Nice to meet Chris Mo' (Harkin Banks on this forum, IIRC) and get some runs in with him.  And of course the rest of the crew was, well, just as entertaining as ever.

I'm very happy that I was able to get out tonight.  I just wish the night would have lasted a little longer (or that the storm had started earlier).  I was not ready to leave when 10:00 rolled around.


----------



## mondeo (Feb 11, 2010)

I tried valiantly to record video to document this momentous occasion, but failed. Failed hard.

Almost as hard as I did when Madroch was videoing me.


I should be able to figure it out the camera with a little more work, it's not as dark as it looked on the LCD while filming and for the part of Temptor that was actually lit came out decently. Should be fine on Gunbarrel.

Also, I spun for the first time. Came around about 300° on the first attempt but managed to ski away, got the full 360 second attempt. Third attempt I caught my tails on the jump and crashed hard. I'll try to avoid that in the future. It was a fun night without the spin, but that made it great.


----------



## Glenn (Feb 11, 2010)

Glad you guys were able to get out. At least there was some new stuff to ski in.


----------



## SteveInCT (Feb 11, 2010)

Sounds like a good time. The mountain report on SnoCountry is claiming Sundown got 8'' of snow from this storm. Based on this TR, I have a feeling the Institution is exaggerating a bit.


----------



## Greg (Feb 11, 2010)

SteveInCT said:


> Sounds like a good time. The mountain report on SnoCountry is claiming Sundown got 8'' of snow from this storm. Based on this TR, I have a feeling the Institution is exaggerating a bit.

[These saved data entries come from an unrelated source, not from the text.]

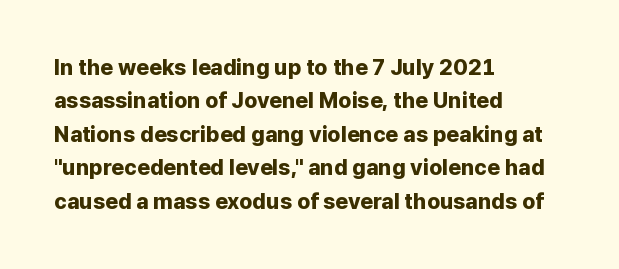
The strip under each line holds only bare page. Between one letter and the next there's only the usual sliver of space. Is there any slant? The stems are plumb. Plenty of ink on the page — the face is bold. Leading matches the norm, producing a regular column.
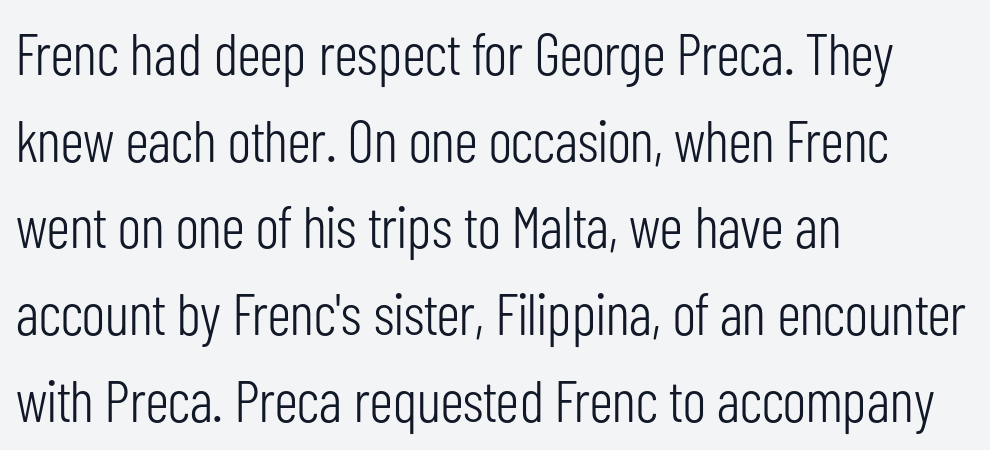
Q: Is the text bold? A: No.
Q: Is the text italic (slanted)? A: No, it is upright.
Q: Is the typeface a serif or a sans-serif typeface? A: Sans-serif.
Q: Is the text underlined? A: No.
Q: How is the paragraph aligned? A: Left-aligned.
Q: Is the spacing between letters normal or unusually wide? A: Normal.
Q: Is the spacing between lines tight, normal or loose? A: Normal.
Q: Width (condensed, normal, or wide)? A: Condensed.
Q: Stroke contrast? A: Low.
Q: x-height? A: Medium.
Q: Monospaced? A: No.
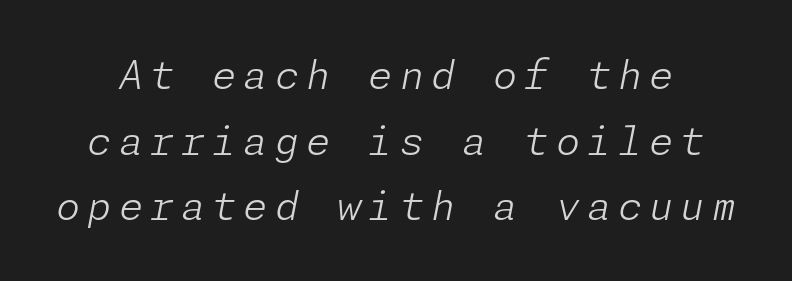
{"italic": "yes", "lean": "right", "slant_degrees": 11, "bold": "no", "weight": "light", "width": "normal", "stroke_contrast": "low", "x_height": "medium", "underline": "no", "line_spacing": "normal", "line_spacing_ratio": 1.68, "glyph_px": 39}
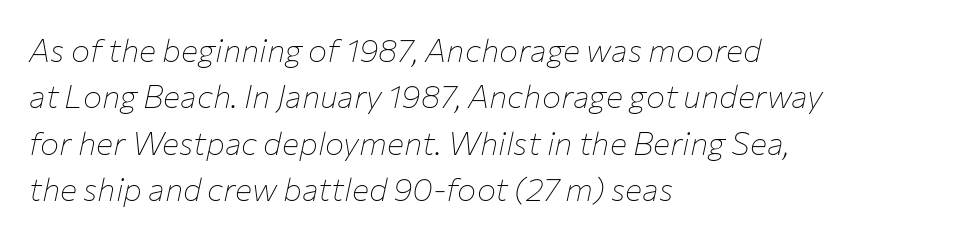
The image shows 32 px thin type, italic (leaning right); set left-aligned, normal line spacing (1.45x), normal letter spacing, not underlined; low stroke contrast and a medium x-height.
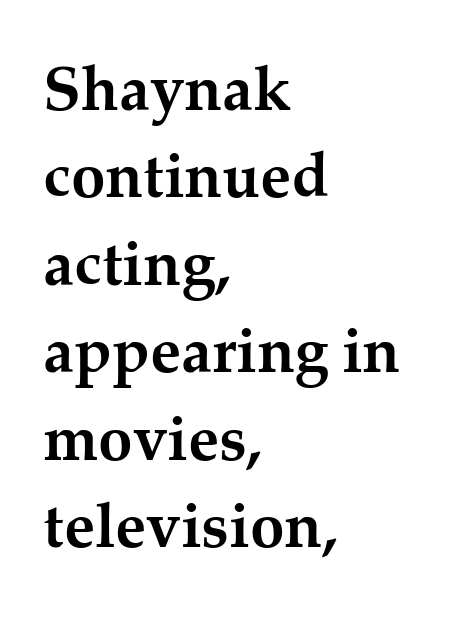
Q: Is the text bold? A: Yes.
Q: Is the text italic (slanted)? A: No, it is upright.
Q: Is the typeface a serif or a sans-serif typeface? A: Serif.
Q: Is the text underlined? A: No.
Q: How is the paragraph aligned? A: Left-aligned.
Q: Is the spacing between letters normal or unusually wide? A: Normal.
Q: Is the spacing between lines tight, normal or loose? A: Normal.
Q: Width (condensed, normal, or wide)? A: Normal.
Q: Stroke contrast? A: Medium.
Q: x-height? A: Medium.
Q: Monospaced? A: No.
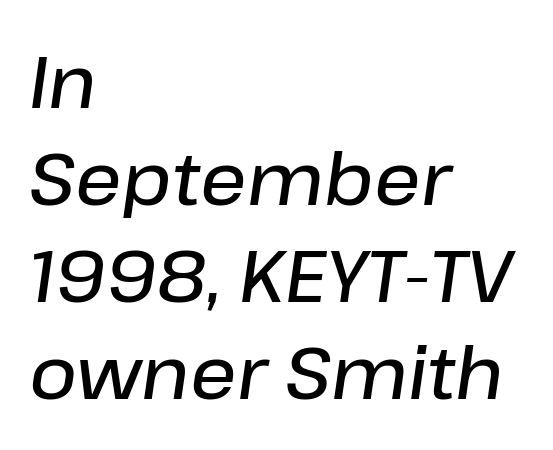
{"italic": "yes", "lean": "right", "slant_degrees": 8, "bold": "semi", "weight": "semibold", "width": "normal", "stroke_contrast": "low", "x_height": "medium", "monospaced": "no", "underline": "no", "align": "left", "line_spacing": "normal", "line_spacing_ratio": 1.33, "letter_spacing": "normal", "letter_spacing_em": 0.0, "glyph_px": 73}

Not sure why it would say 8" on snocountry. Their site is stating 3-4" which is accurate:

http://www.skisundown.com/conditions/


----------



## Madroch (Feb 11, 2010)

Not a bad night, once I got over the let down of no storm.  Skiing was better than it has been due to a little refresh.  My video skills obviously need work, missed most of the Mondeo crash, and while I remained focused on harkanbanks's entire run, I apparantly forgot to hit record.  My bad... it was a good run too, real nice...Sorry.  After that Harkan hit the same snow snake about 3 or 4 times in a row leading to premature binding release.. ice chunk I presume.  4:00 to close, and just a little stiff today. Good skiing with the crew- 03jeff looked real good.


----------